Square matrices as a product of elementary matrices,

Question

I am trying to prove det(A) = det($A^T$), starting with the idea that every square matrix is the product of elementary matrices.

Is this true, even for the non-invertible square matrices?

So, I'd like to start with the identity matrix and multiply it with elementary matrices until I get my desired matrix. Then use the fact that $(AB)^T$ = $B^T$$A^T$.

(The proof using the definition of determinant with the signum function and permutation stuff is a little difficult and not instructive at all, in my opinion.)

Thanks,

Answer 1

The elementary matrices are invertible, so any product of them is also invertible. However, invertible matrices are dense in all matrices, and determinant and transpose are continuous, so if you can prove that $\det(A) = \det(A^T)$ for invertible matrices, it follows that this is true for all matrices.

Answer 2

@Robert Israel is right that the usual elementary matrices are all invertible, and hence that products of them all have nonzero determinant.

But if you augment the set of elementary matrices with ones that allow you to multiply a row (or column) by zero, then you can create every matrix from (enlarged) elementary operations on the identity; if you show this, then you've got a proof.
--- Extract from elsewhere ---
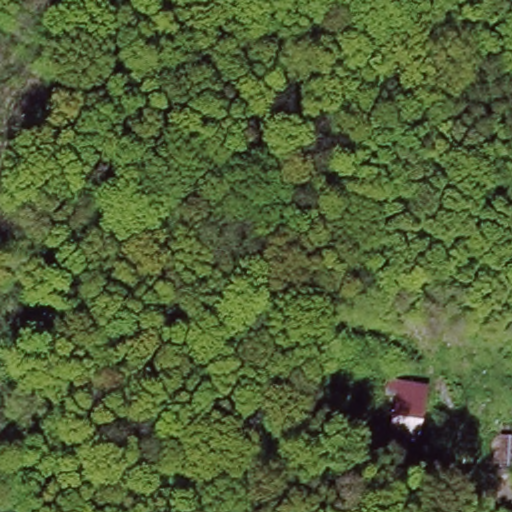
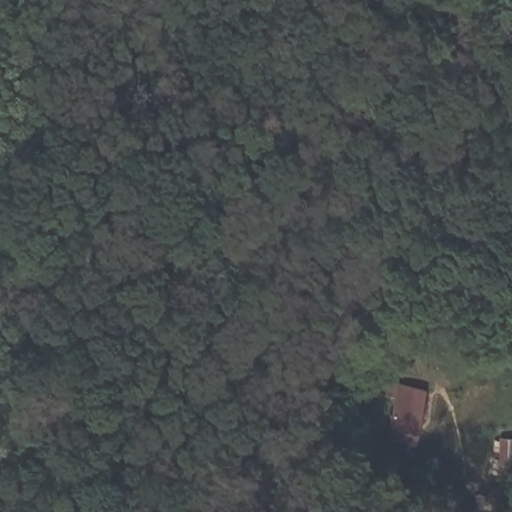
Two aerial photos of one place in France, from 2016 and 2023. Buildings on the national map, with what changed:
unchanged [(425,408),(414,454),(392,449),(399,415),(387,413),(390,399),(425,408)]

Showing that every mat arises from a product of ordinary elementary matrices and these new ones that allow multiplication by zero in some row or column...is not so bad. If you do ordinary Gaussian elimination, each step corresponds to an (ordinary) elementary matrix multiply. If you get to the point where you've got a missing pivot, as in

1 * * * * 
0 0 * * *
0 0 * * *
0 0 * * *
0 0 * * *

you should put the next pivot on the diagonal, as in

1 * * * * 
0 0 * * *
0 0 1 * *
0 0 * * *
0 0 * * *

and then use it to clear out entries above and below, to get

1 * 0 * * 
0 0 0 * *
0 0 1 * *
0 0 0 * *
0 0 0 * *

You'll then end up with some zero-rows, which can be created from the identity by mutiplication by the "new" elementary ops.